YOUR TASK: In your answer, set down the records below exactly as they stand, omitting pictures.

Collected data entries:
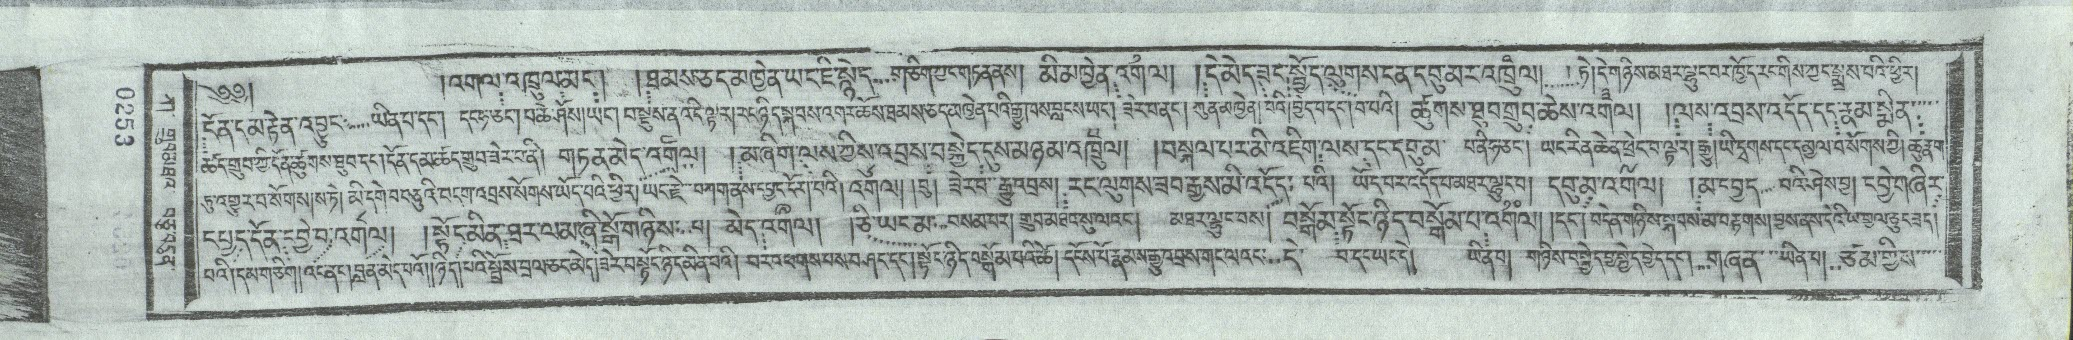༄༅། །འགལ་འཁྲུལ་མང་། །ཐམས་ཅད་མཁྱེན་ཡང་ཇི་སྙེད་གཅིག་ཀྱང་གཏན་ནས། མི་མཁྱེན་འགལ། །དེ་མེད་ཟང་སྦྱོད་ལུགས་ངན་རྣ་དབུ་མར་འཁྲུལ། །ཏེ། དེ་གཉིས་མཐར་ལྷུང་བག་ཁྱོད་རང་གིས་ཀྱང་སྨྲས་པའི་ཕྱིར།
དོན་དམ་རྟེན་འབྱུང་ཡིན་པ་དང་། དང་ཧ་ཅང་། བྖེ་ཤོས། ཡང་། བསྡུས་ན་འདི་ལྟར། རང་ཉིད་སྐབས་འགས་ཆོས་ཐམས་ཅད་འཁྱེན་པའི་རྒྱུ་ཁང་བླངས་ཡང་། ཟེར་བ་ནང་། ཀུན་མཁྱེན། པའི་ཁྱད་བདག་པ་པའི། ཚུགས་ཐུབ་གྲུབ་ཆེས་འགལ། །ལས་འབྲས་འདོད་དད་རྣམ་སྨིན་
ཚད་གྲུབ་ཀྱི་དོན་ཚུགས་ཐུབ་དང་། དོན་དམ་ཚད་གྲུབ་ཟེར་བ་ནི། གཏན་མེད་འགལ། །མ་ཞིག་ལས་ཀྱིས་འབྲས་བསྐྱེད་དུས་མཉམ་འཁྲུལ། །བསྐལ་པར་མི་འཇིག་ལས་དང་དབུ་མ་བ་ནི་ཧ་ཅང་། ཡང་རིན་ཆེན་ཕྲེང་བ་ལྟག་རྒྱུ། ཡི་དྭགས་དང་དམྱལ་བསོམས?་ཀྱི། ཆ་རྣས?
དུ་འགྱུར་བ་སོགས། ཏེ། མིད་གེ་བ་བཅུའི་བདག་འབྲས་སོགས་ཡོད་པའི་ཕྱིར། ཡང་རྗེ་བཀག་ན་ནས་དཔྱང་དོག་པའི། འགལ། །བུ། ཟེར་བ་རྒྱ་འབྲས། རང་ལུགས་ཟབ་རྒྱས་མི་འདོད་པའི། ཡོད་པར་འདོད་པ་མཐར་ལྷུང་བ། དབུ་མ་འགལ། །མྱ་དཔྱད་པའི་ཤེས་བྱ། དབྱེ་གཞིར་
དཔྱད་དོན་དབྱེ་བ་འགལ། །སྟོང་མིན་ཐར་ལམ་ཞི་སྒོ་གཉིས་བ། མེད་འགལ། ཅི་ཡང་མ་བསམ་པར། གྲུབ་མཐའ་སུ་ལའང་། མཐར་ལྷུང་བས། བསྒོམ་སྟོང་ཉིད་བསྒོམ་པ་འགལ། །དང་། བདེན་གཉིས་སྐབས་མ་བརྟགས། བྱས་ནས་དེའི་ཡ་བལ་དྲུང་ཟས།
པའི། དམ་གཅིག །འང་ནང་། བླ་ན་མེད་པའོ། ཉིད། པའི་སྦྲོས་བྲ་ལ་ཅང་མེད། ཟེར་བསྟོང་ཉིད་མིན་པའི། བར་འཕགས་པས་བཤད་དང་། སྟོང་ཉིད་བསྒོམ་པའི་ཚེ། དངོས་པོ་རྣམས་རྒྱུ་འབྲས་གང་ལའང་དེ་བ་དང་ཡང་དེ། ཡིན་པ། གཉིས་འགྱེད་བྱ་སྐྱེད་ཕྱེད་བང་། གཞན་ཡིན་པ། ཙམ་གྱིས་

EXERCISE SOLUTION:
༄༅། །འགལ་འཁྲུལ་མང་། །ཐམས་ཅད་མཁྱེན་ཡང་ཇི་སྙེད་གཅིག་ཀྱང་གཏན་ནས། མི་མཁྱེན་འགལ། །དེ་མེད་ཟང་སྦྱོད་ལུགས་ངན་རྣ་དབུ་མར་འཁྲུལ། །ཏེ། དེ་གཉིས་མཐར་ལྷུང་བག་ཁྱོད་རང་གིས་ཀྱང་སྨྲས་པའི་ཕྱིར།
དོན་དམ་རྟེན་འབྱུང་ཡིན་པ་དང་། དང་ཧ་ཅང་། བྖེ་ཤོས། ཡང་། བསྡུས་ན་འདི་ལྟར། རང་ཉིད་སྐབས་འགས་ཆོས་ཐམས་ཅད་འཁྱེན་པའི་རྒྱུ་ཁང་བླངས་ཡང་། ཟེར་བ་ནང་། ཀུན་མཁྱེན། པའི་ཁྱད་བདག་པ་པའི། ཚུགས་ཐུབ་གྲུབ་ཆེས་འགལ། །ལས་འབྲས་འདོད་དད་རྣམ་སྨིན་
ཚད་གྲུབ་ཀྱི་དོན་ཚུགས་ཐུབ་དང་། དོན་དམ་ཚད་གྲུབ་ཟེར་བ་ནི། གཏན་མེད་འགལ། །མ་ཞིག་ལས་ཀྱིས་འབྲས་བསྐྱེད་དུས་མཉམ་འཁྲུལ། །བསྐལ་པར་མི་འཇིག་ལས་དང་དབུ་མ་བ་ནི་ཧ་ཅང་། ཡང་རིན་ཆེན་ཕྲེང་བ་ལྟག་རྒྱུ། ཡི་དྭགས་དང་དམྱལ་བསོམས?་ཀྱི། ཆ་རྣས?
དུ་འགྱུར་བ་སོགས། ཏེ། མིད་གེ་བ་བཅུའི་བདག་འབྲས་སོགས་ཡོད་པའི་ཕྱིར། ཡང་རྗེ་བཀག་ན་ནས་དཔྱང་དོག་པའི། འགལ། །བུ། ཟེར་བ་རྒྱ་འབྲས། རང་ལུགས་ཟབ་རྒྱས་མི་འདོད་པའི། ཡོད་པར་འདོད་པ་མཐར་ལྷུང་བ། དབུ་མ་འགལ། །མྱ་དཔྱད་པའི་ཤེས་བྱ། དབྱེ་གཞིར་
དཔྱད་དོན་དབྱེ་བ་འགལ། །སྟོང་མིན་ཐར་ལམ་ཞི་སྒོ་གཉིས་བ། མེད་འགལ། ཅི་ཡང་མ་བསམ་པར། གྲུབ་མཐའ་སུ་ལའང་། མཐར་ལྷུང་བས། བསྒོམ་སྟོང་ཉིད་བསྒོམ་པ་འགལ། །དང་། བདེན་གཉིས་སྐབས་མ་བརྟགས། བྱས་ནས་དེའི་ཡ་བལ་དྲུང་ཟས།
པའི། དམ་གཅིག །འང་ནང་། བླ་ན་མེད་པའོ། ཉིད། པའི་སྦྲོས་བྲ་ལ་ཅང་མེད། ཟེར་བསྟོང་ཉིད་མིན་པའི། བར་འཕགས་པས་བཤད་དང་། སྟོང་ཉིད་བསྒོམ་པའི་ཚེ། དངོས་པོ་རྣམས་རྒྱུ་འབྲས་གང་ལའང་དེ་བ་དང་ཡང་དེ། ཡིན་པ། གཉིས་འགྱེད་བྱ་སྐྱེད་ཕྱེད་བང་། གཞན་ཡིན་པ། ཙམ་གྱིས་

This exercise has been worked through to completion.